Some local homeowners integrate old and new into their homes with new stained glass, reclaimed wood and charming old school-style appliances. See these creative features on the Renovator’s House tour Saturday from 10 a.m. to 4 p.m.

The tour supports activities at the Capitol Hill Cluster Schools, a 20-year old program that serves 1100 children from pre-K through 8th grade. The cluster is located across three campuses: Peabody Elementary, Watkins Elementary and Stuart Hobson Middle schools.

Tickets are $20 in advance and $25 on the day of the tour. Tickets will be on sale at Frager’s Paint Store, Hill’s Kitchen, and Schneider’s of Capitol Hill.

The tour emphasizes smart solutions to everyday problems, and the best ways to stretch a budget. There’s also an emphasis on eco-friendly and carbon footprint-sensitive solutions to modernize homes. Drafty old windows are no longer and issue for these folks!
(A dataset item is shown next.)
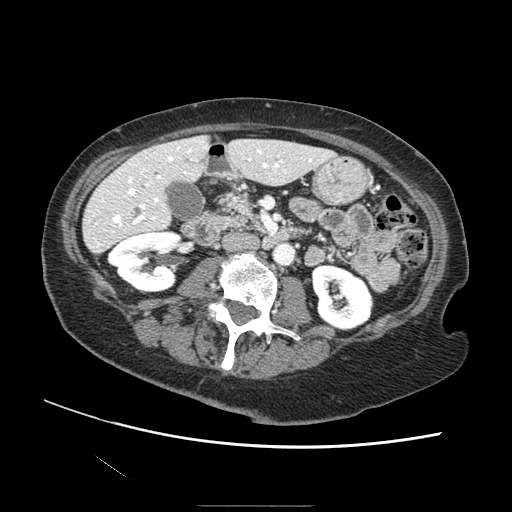

CT slice

Annotated regions:
- pancreas: [x1=217, y1=192, x2=262, y2=231]

One featured house, owned by Sanju Misra and Greg Klas, makes the most of found objects of all sorts. In the basement, you’ll find a room divider that was made from a sliding pocket door once installed on the main floor. The door is hung on modern-day barn door hardware. There is a built-in bookcase made from a joist in the house. Reclaimed wood also makes for a counter top, coupled with an AGA stove scored on Craigslist. All together it provides for a one-of-a-kind kitchen.

And the house was purchased from artist Katherine Coleman. Misra and Klas hung some of her modernist paintings on the living room walls. The home is thoughtfully decorated and accents the home’s history.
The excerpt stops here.